Everything in the listing must be repeated exactly, apart from the images.

═════ RAW DATA ═════

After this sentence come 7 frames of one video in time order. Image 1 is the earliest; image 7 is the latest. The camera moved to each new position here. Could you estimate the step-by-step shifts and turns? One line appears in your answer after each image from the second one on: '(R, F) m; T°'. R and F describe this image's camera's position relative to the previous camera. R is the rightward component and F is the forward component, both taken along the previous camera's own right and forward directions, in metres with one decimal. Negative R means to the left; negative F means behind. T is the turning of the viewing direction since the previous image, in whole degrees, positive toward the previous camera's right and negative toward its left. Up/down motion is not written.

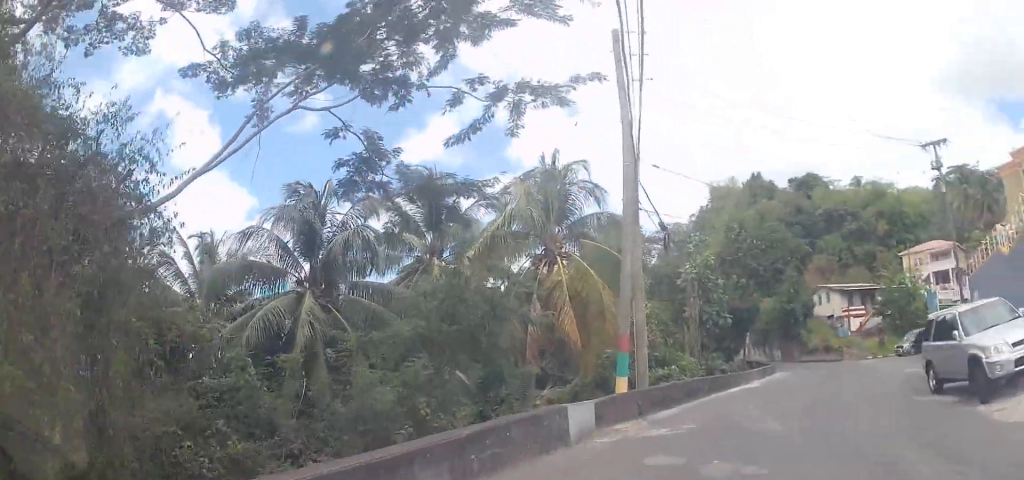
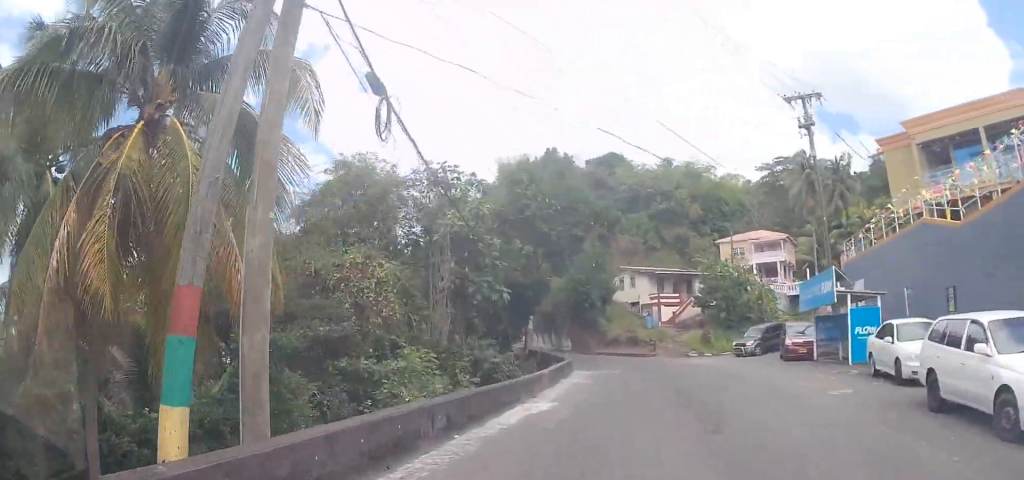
(+3.0, +8.6) m; +31°
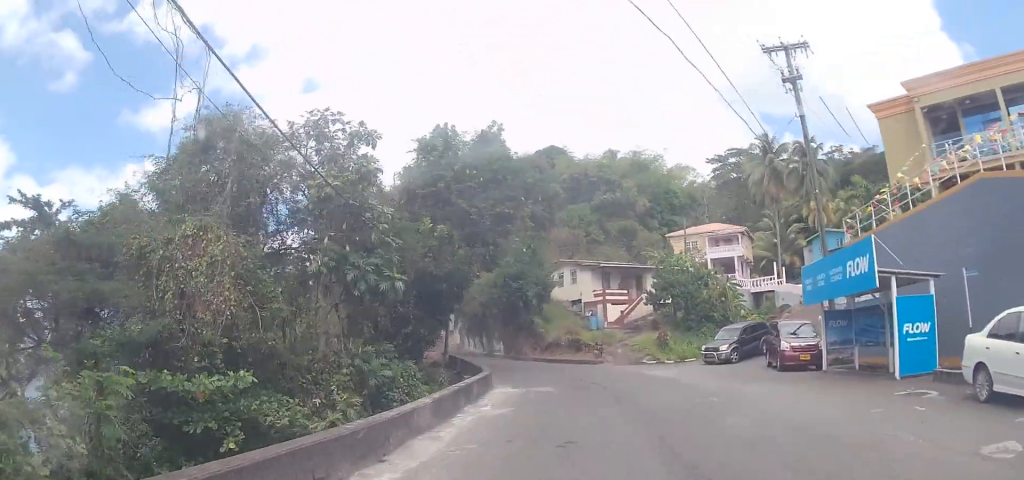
(+0.1, +6.2) m; -4°
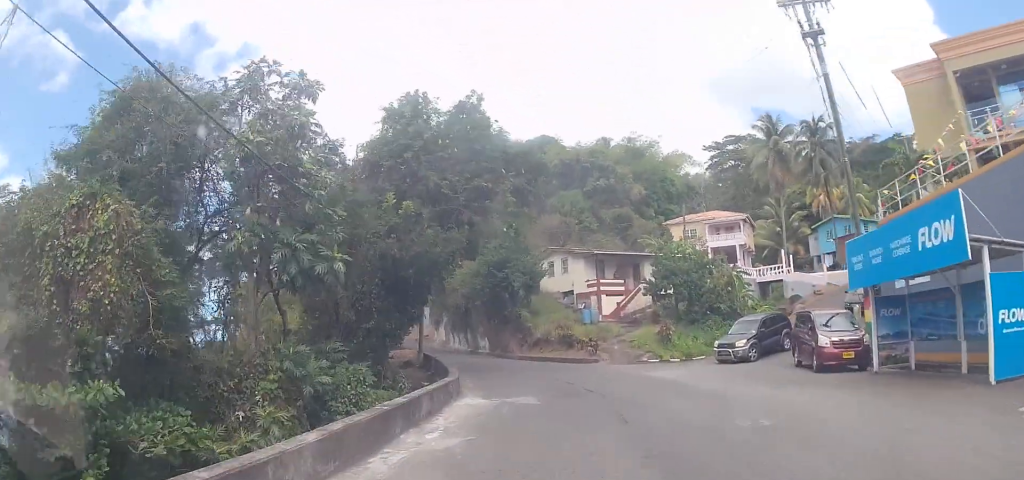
(-0.3, +4.0) m; +3°
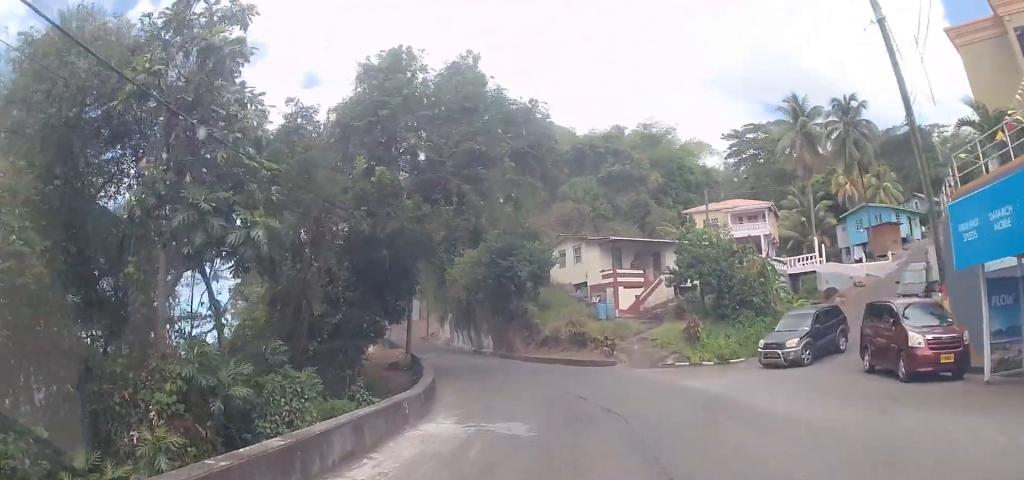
(0.0, +4.3) m; +3°
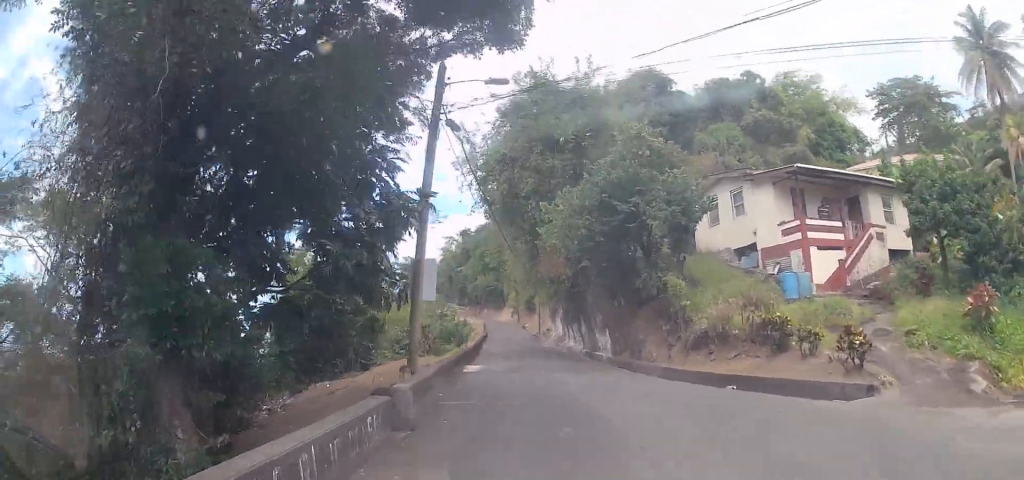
(-0.1, +14.7) m; -8°
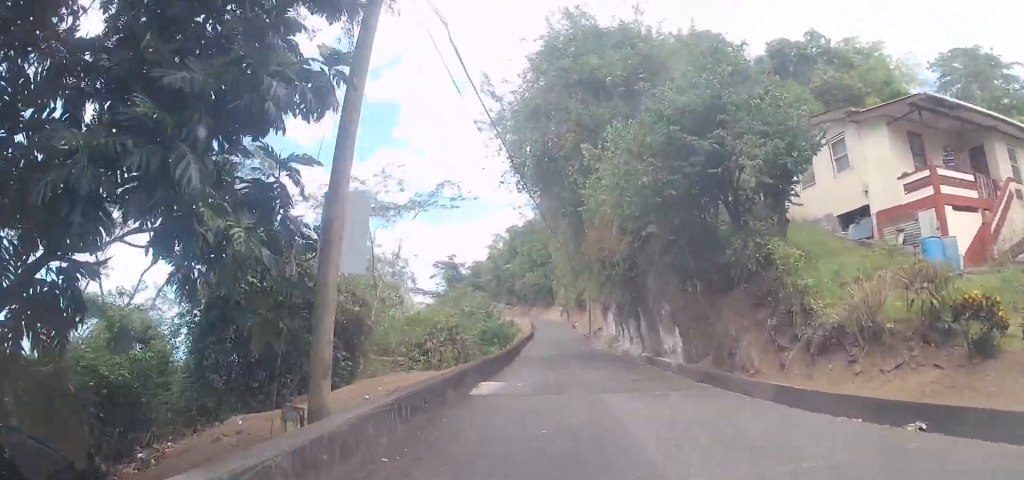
(-0.3, +6.4) m; -2°

═════

• **SOLUTION BELOW**
After this sentence come 7 frames of one video in time order. Image 1 is the earliest; image 7 is the latest. The camera moved to each new position here. Could you estimate the step-by-step shifts and turns? One line appears in your answer after each image from the second one on: '(R, F) m; T°'. R and F describe this image's camera's position relative to the previous camera. R is the rightward component and F is the forward component, both taken along the previous camera's own right and forward directions, in metres with one decimal. Negative R means to the left; negative F means behind. T is the turning of the viewing direction since the previous image, in whole degrees, positive toward the previous camera's right and negative toward its left. Up/down motion is not written.

(+3.0, +8.6) m; +31°
(+0.1, +6.2) m; -4°
(-0.3, +4.0) m; +3°
(0.0, +4.3) m; +3°
(-0.1, +14.7) m; -8°
(-0.3, +6.4) m; -2°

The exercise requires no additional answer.